# Loose fit cycling tops



## Over The Hill (16 May 2014)

can I get them anywhere?

I am not fat but have a 33 inch waist and about a 41 inch chest and am just over 12 stone. As with many men in their 50s I am just a bit thick around the body so I just look daft in a skin tight top.

Buying bigger tops that are supposed to be skin tight is not the answer as I need the waist to fit or at least not flap around. I have a couple of tops bought many years ago but cannot find any lose fit cycling tops now.

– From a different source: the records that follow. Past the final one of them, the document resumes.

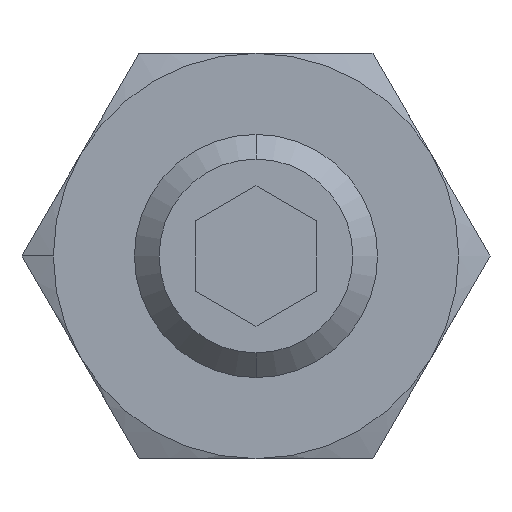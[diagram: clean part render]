
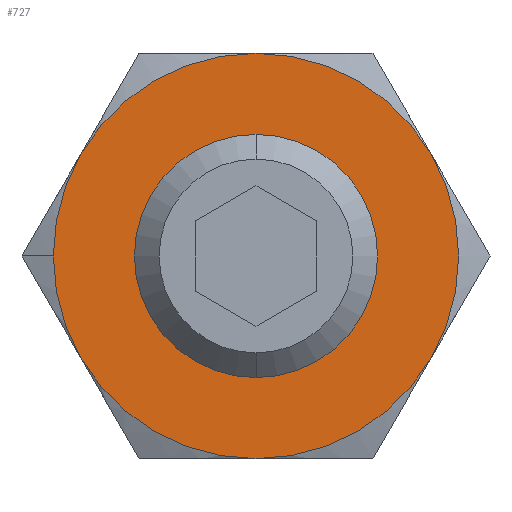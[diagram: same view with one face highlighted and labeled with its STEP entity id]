
A CAD part, front view. The second image highlights one B-rep face of the part: STEP entity #727.
In plain terms, the highlighted planar face has unit normal (0, -1, 0).
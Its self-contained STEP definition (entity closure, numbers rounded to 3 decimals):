
#11 = CARTESIAN_POINT ( 'NONE',  ( 0., -5.5, 5. ) ) ;
#15 = EDGE_LOOP ( 'NONE', ( #1020, #869, #980, #196, #696, #1011, #781 ) ) ;
#54 = VERTEX_POINT ( 'NONE', #283 ) ;
#86 = CARTESIAN_POINT ( 'NONE',  ( -5., -5.5, 0. ) ) ;
#92 = VERTEX_POINT ( 'NONE', #1274 ) ;
#154 = VERTEX_POINT ( 'NONE', #11 ) ;
#172 = EDGE_LOOP ( 'NONE', ( #668, #1098 ) ) ;
#196 = ORIENTED_EDGE ( 'NONE', *, *, #795, .F. ) ;
#254 = CARTESIAN_POINT ( 'NONE',  ( 4.33, -5.5, 2.5 ) ) ;
#268 = EDGE_CURVE ( 'NONE', #1120, #441, #335, .T. ) ;
#283 = CARTESIAN_POINT ( 'NONE',  ( 4.33, -5.5, -2.5 ) ) ;
#300 = AXIS2_PLACEMENT_3D ( 'NONE', #920, #917, #910 ) ;
#319 = DIRECTION ( 'NONE',  ( 0., 0., -1. ) ) ;
#321 = DIRECTION ( 'NONE',  ( 0., -1., 0. ) ) ;
#328 = CIRCLE ( 'NONE', #300, 3. ) ;
#335 = CIRCLE ( 'NONE', #969, 5. ) ;
#340 = AXIS2_PLACEMENT_3D ( 'NONE', #953, #944, #943 ) ;
#416 = AXIS2_PLACEMENT_3D ( 'NONE', #989, #985, #984 ) ;
#427 = AXIS2_PLACEMENT_3D ( 'NONE', #1012, #1007, #1001 ) ;
#440 = CARTESIAN_POINT ( 'NONE',  ( -4.33, -5.5, -2.5 ) ) ;
#441 = VERTEX_POINT ( 'NONE', #86 ) ;
#443 = AXIS2_PLACEMENT_3D ( 'NONE', #1034, #1024, #1022 ) ;
#477 = AXIS2_PLACEMENT_3D ( 'NONE', #1047, #1045, #1042 ) ;
#484 = AXIS2_PLACEMENT_3D ( 'NONE', #1093, #1086, #1083 ) ;
#493 = CARTESIAN_POINT ( 'NONE',  ( -4.33, -5.5, 2.5 ) ) ;
#536 = CIRCLE ( 'NONE', #340, 5. ) ;
#537 = EDGE_CURVE ( 'NONE', #852, #865, #664, .T. ) ;
#541 = AXIS2_PLACEMENT_3D ( 'NONE', #1060, #1059, #1057 ) ;
#664 = CIRCLE ( 'NONE', #746, 3. ) ;
#668 = ORIENTED_EDGE ( 'NONE', *, *, #833, .F. ) ;
#696 = ORIENTED_EDGE ( 'NONE', *, *, #805, .F. ) ;
#724 = DIRECTION ( 'NONE',  ( 0., 0., -1. ) ) ;
#727 = ADVANCED_FACE ( 'NONE', ( #1036, #1166 ), #1125, .T. ) ;
#728 = DIRECTION ( 'NONE',  ( 0., 1., 0. ) ) ;
#731 = CARTESIAN_POINT ( 'NONE',  ( 0., -5.5, 0. ) ) ;
#746 = AXIS2_PLACEMENT_3D ( 'NONE', #1309, #321, #319 ) ;
#766 = EDGE_CURVE ( 'NONE', #92, #1120, #1064, .T. ) ;
#779 = EDGE_CURVE ( 'NONE', #54, #92, #934, .T. ) ;
#781 = ORIENTED_EDGE ( 'NONE', *, *, #268, .F. ) ;
#784 = CIRCLE ( 'NONE', #416, 5. ) ;
#785 = EDGE_CURVE ( 'NONE', #1212, #54, #854, .T. ) ;
#795 = EDGE_CURVE ( 'NONE', #154, #1212, #1200, .T. ) ;
#805 = EDGE_CURVE ( 'NONE', #1035, #154, #784, .T. ) ;
#822 = EDGE_CURVE ( 'NONE', #441, #1035, #536, .T. ) ;
#833 = EDGE_CURVE ( 'NONE', #865, #852, #328, .T. ) ;
#852 = VERTEX_POINT ( 'NONE', #893 ) ;
#854 = CIRCLE ( 'NONE', #443, 5. ) ;
#865 = VERTEX_POINT ( 'NONE', #873 ) ;
#869 = ORIENTED_EDGE ( 'NONE', *, *, #779, .F. ) ;
#873 = CARTESIAN_POINT ( 'NONE',  ( 0., -5.5, -3. ) ) ;
#893 = CARTESIAN_POINT ( 'NONE',  ( 0., -5.5, 3. ) ) ;
#910 = DIRECTION ( 'NONE',  ( 0., 0., -1. ) ) ;
#917 = DIRECTION ( 'NONE',  ( 0., -1., 0. ) ) ;
#920 = CARTESIAN_POINT ( 'NONE',  ( 0., -5.5, 0. ) ) ;
#934 = CIRCLE ( 'NONE', #477, 5. ) ;
#943 = DIRECTION ( 'NONE',  ( 0., 0., -1. ) ) ;
#944 = DIRECTION ( 'NONE',  ( 0., 1., 0. ) ) ;
#953 = CARTESIAN_POINT ( 'NONE',  ( 0., -5.5, 0. ) ) ;
#969 = AXIS2_PLACEMENT_3D ( 'NONE', #731, #728, #724 ) ;
#980 = ORIENTED_EDGE ( 'NONE', *, *, #785, .F. ) ;
#984 = DIRECTION ( 'NONE',  ( -1., 0., 0. ) ) ;
#985 = DIRECTION ( 'NONE',  ( 0., 1., 0. ) ) ;
#989 = CARTESIAN_POINT ( 'NONE',  ( 0., -5.5, 0. ) ) ;
#1001 = DIRECTION ( 'NONE',  ( 0., 0., -1. ) ) ;
#1007 = DIRECTION ( 'NONE',  ( 0., 1., 0. ) ) ;
#1011 = ORIENTED_EDGE ( 'NONE', *, *, #822, .F. ) ;
#1012 = CARTESIAN_POINT ( 'NONE',  ( 0., -5.5, 0. ) ) ;
#1020 = ORIENTED_EDGE ( 'NONE', *, *, #766, .F. ) ;
#1022 = DIRECTION ( 'NONE',  ( 0., 0., -1. ) ) ;
#1024 = DIRECTION ( 'NONE',  ( 0., 1., 0. ) ) ;
#1034 = CARTESIAN_POINT ( 'NONE',  ( 0., -5.5, 0. ) ) ;
#1035 = VERTEX_POINT ( 'NONE', #493 ) ;
#1036 = FACE_OUTER_BOUND ( 'NONE', #15, .T. ) ;
#1042 = DIRECTION ( 'NONE',  ( 0., 0., -1. ) ) ;
#1045 = DIRECTION ( 'NONE',  ( 0., 1., 0. ) ) ;
#1047 = CARTESIAN_POINT ( 'NONE',  ( 0., -5.5, 0. ) ) ;
#1057 = DIRECTION ( 'NONE',  ( 0., 0., -1. ) ) ;
#1059 = DIRECTION ( 'NONE',  ( 0., 1., 0. ) ) ;
#1060 = CARTESIAN_POINT ( 'NONE',  ( 0., -5.5, 0. ) ) ;
#1064 = CIRCLE ( 'NONE', #541, 5. ) ;
#1083 = DIRECTION ( 'NONE',  ( 0., 0., -1. ) ) ;
#1086 = DIRECTION ( 'NONE',  ( 0., -1., 0. ) ) ;
#1093 = CARTESIAN_POINT ( 'NONE',  ( 0., -5.5, 0. ) ) ;
#1098 = ORIENTED_EDGE ( 'NONE', *, *, #537, .F. ) ;
#1120 = VERTEX_POINT ( 'NONE', #440 ) ;
#1125 = PLANE ( 'NONE',  #484 ) ;
#1166 = FACE_BOUND ( 'NONE', #172, .T. ) ;
#1200 = CIRCLE ( 'NONE', #427, 5. ) ;
#1212 = VERTEX_POINT ( 'NONE', #254 ) ;
#1274 = CARTESIAN_POINT ( 'NONE',  ( 0., -5.5, -5. ) ) ;
#1309 = CARTESIAN_POINT ( 'NONE',  ( 0., -5.5, 0. ) ) ;

I am just sending back a dhb top to wiggle that was supposed to be comfort fit (not tight). Complete waste of time as they say it is lose fit and size L will have a 41 1/2 inch chest. Item arrived today and is a 40 inch chest.
Any recommendations would be gratefully received.

Thanks


----------



## vickster (16 May 2014)

Altura, at least on the women's range, tend to be a little more generous - go for a classic, rather than ergo fit

Evans sell for example, so you can try before you buy if you have a shop close by

DHB aren't generous at all in my experience of the women's tops!


----------



## screenman (16 May 2014)

Have a word with Impsport I seem to think they do made to measure. I am late fifties and for a while got thick around the middle, but not anymore.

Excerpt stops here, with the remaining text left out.